Nadieh Bremer is a Data Visualization Artist who once graduated as an Astronomer and started working as a data scientist before finding her true passion in the visualization of data, which combined her creative side with her love for math and data. As 2017’s “Best Individual” in the Information is Beautiful Awards, she focuses on visuals that are uniquely crafted for each specific dataset, often using large and complex datasets while employing vibrant color palettes. She’s made visualizations and art for companies such as Google News Lab, Sony Music, The New York Times, and UNESCO and has recently ventured into creating NFT collections and crypto art.
Can you start by describing a bit about the art you make?
I’ve been making data visualizations for a very long time but have always been interested in moving towards the more artful and creative side of things. I’ve been trying to make data art for the last year and generative art since the summer. I typically work directly with data, without adding anything graphical or hand drawn. I like working with big data sets that have many variables, many rows, or both, so I always have lots of things to play with to make the visual.
I like making data art where you can still find patterns – maybe not in the first five seconds, but if you let it digest and read an explanation of the underlying rules and how I went from the data to the visualization, then you can start to see patterns. I’ve done that in the past with an airline, showing all of their routes during a year, and you can see the ebb and flow, when the holidays are, where winter sports are. Besides that, if you just look at it in general, I hope to just visually please the viewer in some way.
I also make data art that’s just about the visual impact with no way to figure out what the underlying data-to-visual is. I see the data and numbers as something I can play with, but I don’t care if it makes sense or if people can learn something from it – just instead of having a random starting point, I use a data set to make a visual.
I also like to make the visual relate to the topic of the data set, but that’s bonus points if I can make that happen!
Do you find there are similarities or differences between your data visualization practice and your art?
There are definitely similarities. With data visualization, it’s important to teach the viewers about the data and convince them of a point, but I always try to grab their attention first. I spent a great deal of time making each visualization unique and captivating. I also do that a lot with my art so that when people first see it, they’re intrigued and want to see more.
For differences, with data visualization I’m much more constrained because the most important part is making the data insightful – people still have to understand it. With data art, I can use crazier techniques or do things that dilute the data.
What was your time like at Fab Academy? How has it changed your art practice?
Note: Fab Academy is a hands-on multidisciplinary five-month program where students design and prototype a new project every week, going from digital design tools to creating physical results with machines.
Fab Academy was really cool. About a year ago I felt that I would like to move more towards the art side, but I didn’t know how I could find clients to do that with since I always feel like I need to spend my time productively or earn an income. I wanted to grow myself from digital into the physical world, so I got a pen plotter, started researching laser cutting courses, and then came across Fab Academy.
So I decided instead of always wanting to be productive or needing to earn money, I would make a big decision and take a six-month sabbatical, not earn anything, and just be fine with that.
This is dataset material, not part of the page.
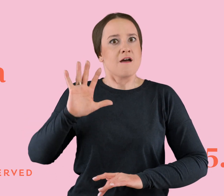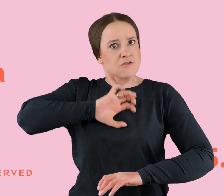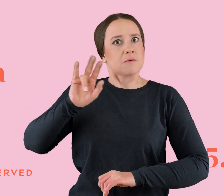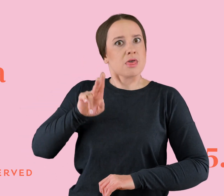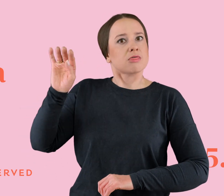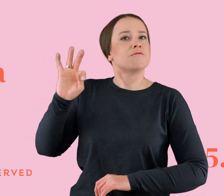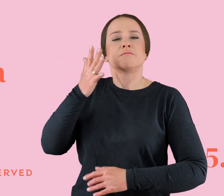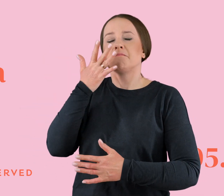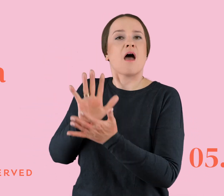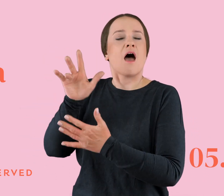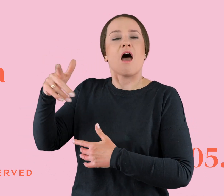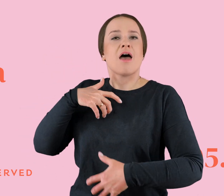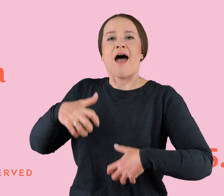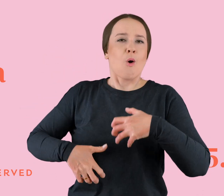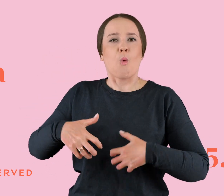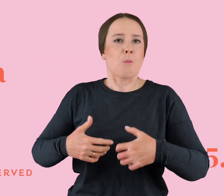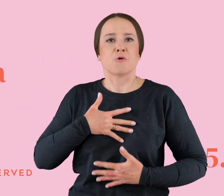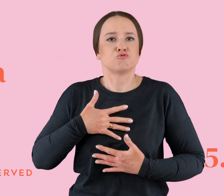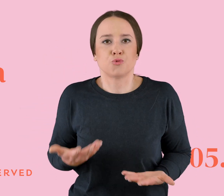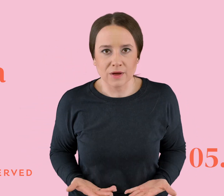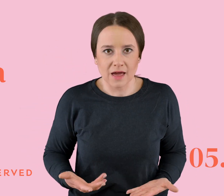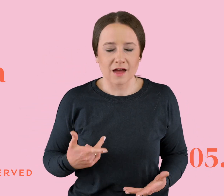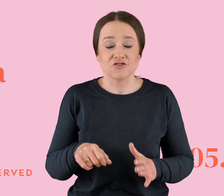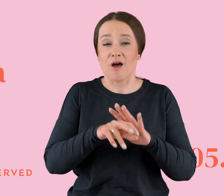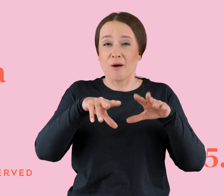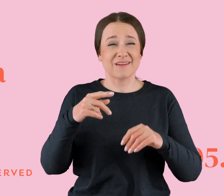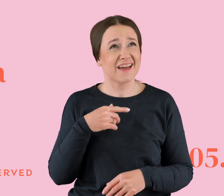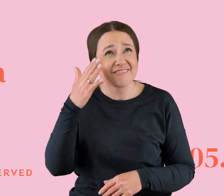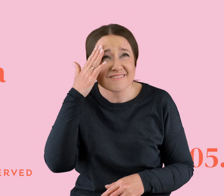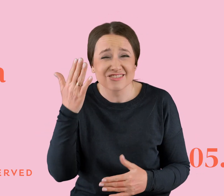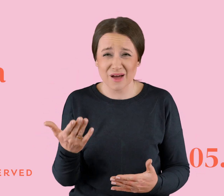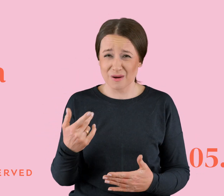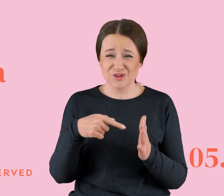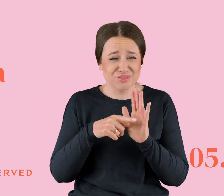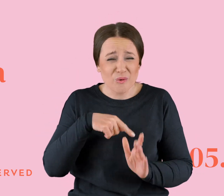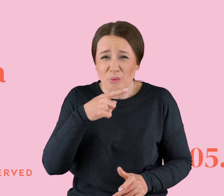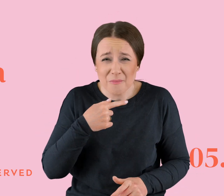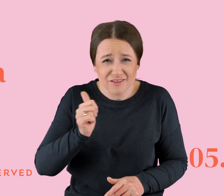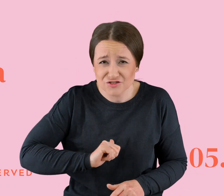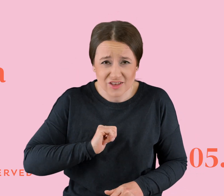zaczniemy wszystko od początku. I czy ja wiedziałam na przykład, że to jest zakłamywanie samej siebie i zakłamywanie rzeczywistości?

It was an outlet of ways I could be creative in ways that I have never been or not for a long time. It was great to learn how to make designs on a computer but to then make them with actual machines like laser cutters, 3D printers, and CNC machines, making my own electronics and combining them.
I’m not sure how it’s changed my art yet. I hope at some point I’ll be able to turn an idea I have for art into an installation, and I would have some sense of how to approach that.
Can you walk us through a few of your data art pieces?
I had a client-based data art project with Sony Music Entertainment. The idea was to reimagine how a gold record would look if we used data to make it. They had data sets like Spotify streams, YouTube streams, and album rankings, plus data about the music itself like the beats and frequencies. When you take the data sets, the data art system I created for Sony generates a poster that’s a unique fingerprint for a song (see Figure 1, the poster of Harry Styles’s “Adore You”). You can see where a new section starts, the beat, how those things intertwine. You can also see how a song rises and becomes very popular or see how some popularity declines.
This is one of those projects where it’s meant to be art, but you can still see the trends if you really take the time to understand what it is.
More recently I’ve been doing generative math based pieces that I like a lot. In my Coiling Curves series, I took spirograph code, which I’ve been playing with a lot over the years, and made a set of three visuals to try out (Figure 2 is Coiling Curves #2). They come from the same algorithm but a different seed, and you get a variety of results from the same system.
This interview has been shorted and edited for clarity and readability.